Iterating through select items on AJAX page with Scrapy and Splash


I am scraping a page, using both Scrapy and Splash. The page contains a dropdown box (technically, a select HTML element). Each time an element is selected in the dropdown box, a new page is loaded using AJAX.

The HTML segment below, is a simplified version of the page I'm processing:

<html>
    <head><title>Title goes here ...</title></head>
    <body>
        <select class="foo">
            <option value=100 data-reactid=1>One</option>
            <option value=200 data-reactid=2>Two</option>
            <!-- ... -->
            <option value=900 data-reactid=9>Nine</option>
        </select>
    </body>
</html>

Snippet of my scrapy/splash code:

# Fetch the options ... now what ?
options = response.css("select[class=foo] option[data-reactid]")

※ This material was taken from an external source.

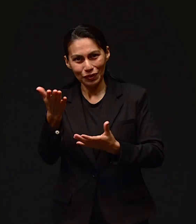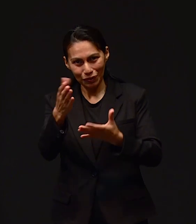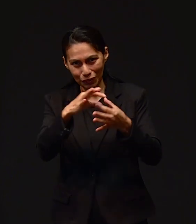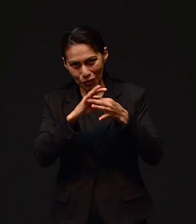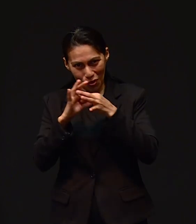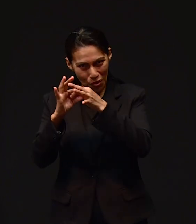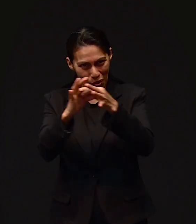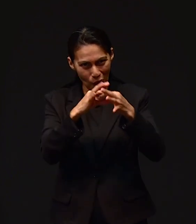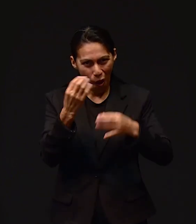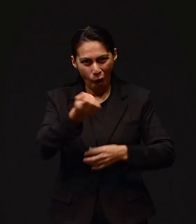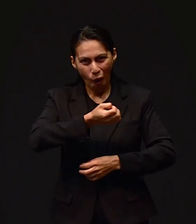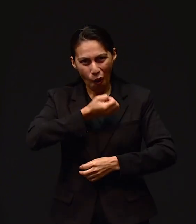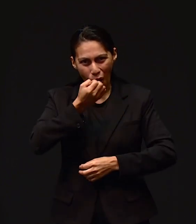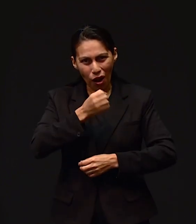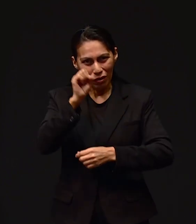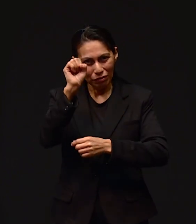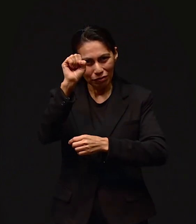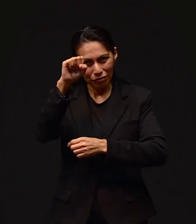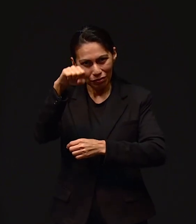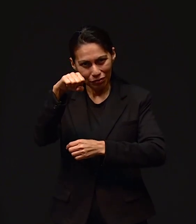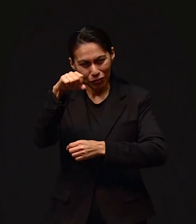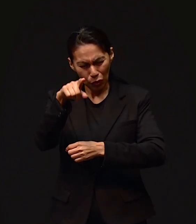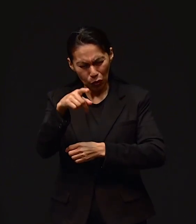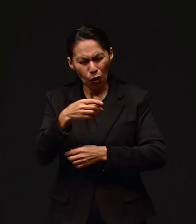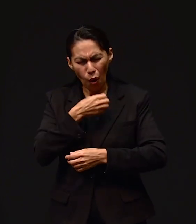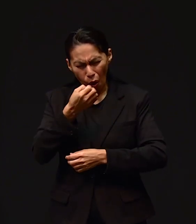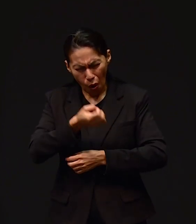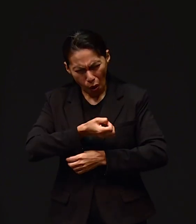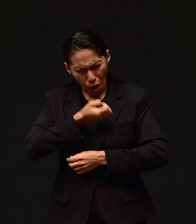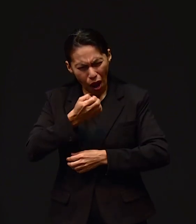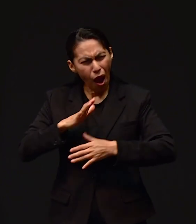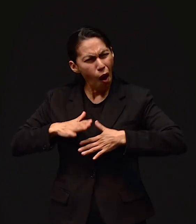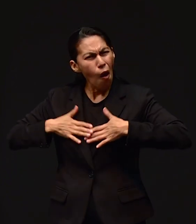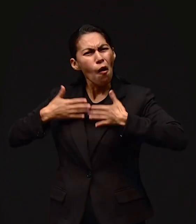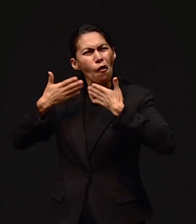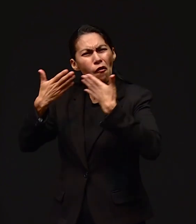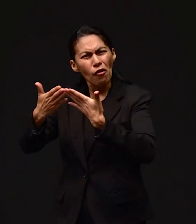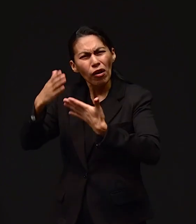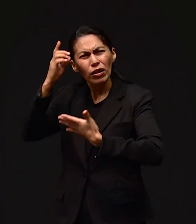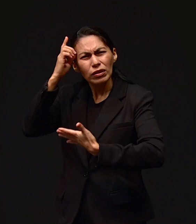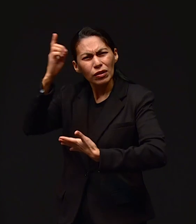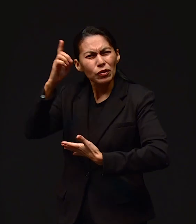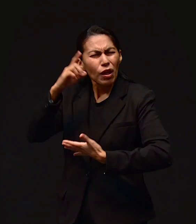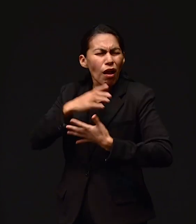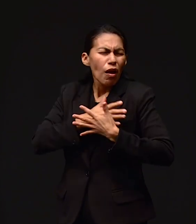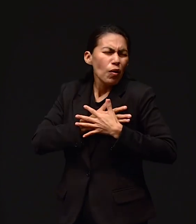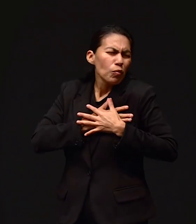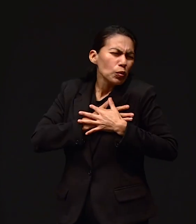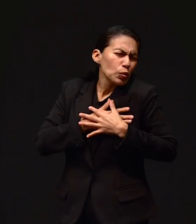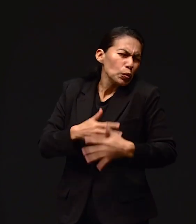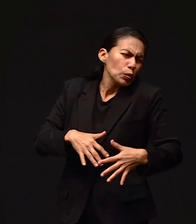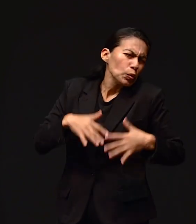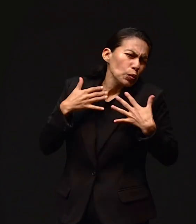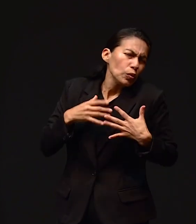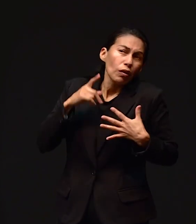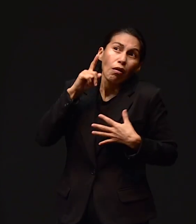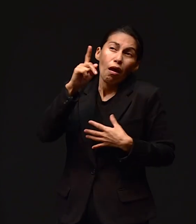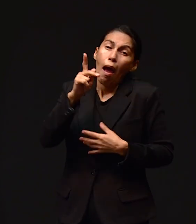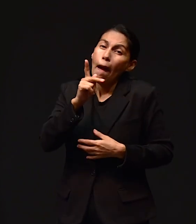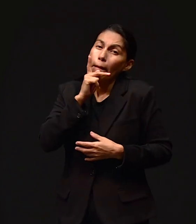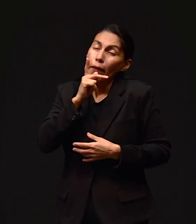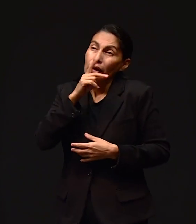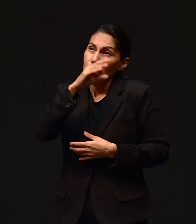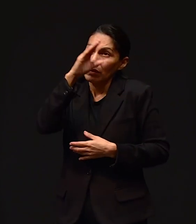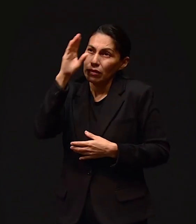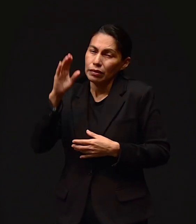Acompáñenos Inclinen su rostro Allí donde estás Y confía en el Dios Amoroso En tu

How do I programatically use Splash to 'click' and receive the reloaded AJAX page in my response object?


Solution

  • You might try to use Splash's execute endpoint with LUA script that will fill the select with each option's value and return the result. Something like:

    ...
    script = """
    function main(splash)
        splash.resource_timeout = 10
        splash:go(splash.args.url)
        splash:wait(1)
        splash:runjs('document.getElementsByClassName("foo")[0].value = "' .. splash.args.value .. '"')
        splash:wait(1)
        return {
            html = splash:html(),
        }
    end
    """
    
    # base_url refers to page with the select
    values = response.xpath('//select[@class="foo"]/option/@value').extract()
    for value in values:
        yield scrapy_splash.SplashRequest(
            base_url, self.parse_result, endpoint='execute',
            args={'lua_source': script, 'value': value, 'timeout': 3600})
    

    Of course, this isn't tested, but you might start there and play with it.